Task statement >> Each line from the one containing "10.8 s after image 1." through the last line of the records below is to be repeated as written, with nothing added.
************
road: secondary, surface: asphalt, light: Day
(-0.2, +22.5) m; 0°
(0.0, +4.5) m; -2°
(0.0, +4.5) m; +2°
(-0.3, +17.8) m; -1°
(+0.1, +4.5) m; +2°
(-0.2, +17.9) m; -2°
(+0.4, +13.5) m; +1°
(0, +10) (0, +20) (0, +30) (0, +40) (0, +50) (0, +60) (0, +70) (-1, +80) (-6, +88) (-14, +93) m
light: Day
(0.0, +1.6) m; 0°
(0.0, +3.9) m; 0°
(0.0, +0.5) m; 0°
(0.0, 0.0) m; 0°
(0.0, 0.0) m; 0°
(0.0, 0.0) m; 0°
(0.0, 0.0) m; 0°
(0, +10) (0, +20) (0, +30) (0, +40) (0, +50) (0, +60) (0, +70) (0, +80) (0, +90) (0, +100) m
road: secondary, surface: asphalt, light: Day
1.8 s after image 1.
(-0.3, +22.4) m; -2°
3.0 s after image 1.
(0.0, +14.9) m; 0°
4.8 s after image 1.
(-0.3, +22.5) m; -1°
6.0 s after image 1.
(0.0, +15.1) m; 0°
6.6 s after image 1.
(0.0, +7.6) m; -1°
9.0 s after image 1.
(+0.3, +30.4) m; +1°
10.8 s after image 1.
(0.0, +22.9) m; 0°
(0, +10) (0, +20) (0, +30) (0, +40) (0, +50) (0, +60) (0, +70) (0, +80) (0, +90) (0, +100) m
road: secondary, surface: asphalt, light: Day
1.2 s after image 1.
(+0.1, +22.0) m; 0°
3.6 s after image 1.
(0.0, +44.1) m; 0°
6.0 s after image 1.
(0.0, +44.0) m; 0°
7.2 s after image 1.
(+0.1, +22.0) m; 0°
************
Output below >>
10.8 s after image 1.
(0.0, +22.9) m; 0°
(0, +10) (0, +20) (0, +30) (0, +40) (0, +50) (0, +60) (0, +70) (0, +80) (0, +90) (0, +100) m
road: secondary, surface: asphalt, light: Day
1.2 s after image 1.
(+0.1, +22.0) m; 0°
3.6 s after image 1.
(0.0, +44.1) m; 0°
6.0 s after image 1.
(0.0, +44.0) m; 0°
7.2 s after image 1.
(+0.1, +22.0) m; 0°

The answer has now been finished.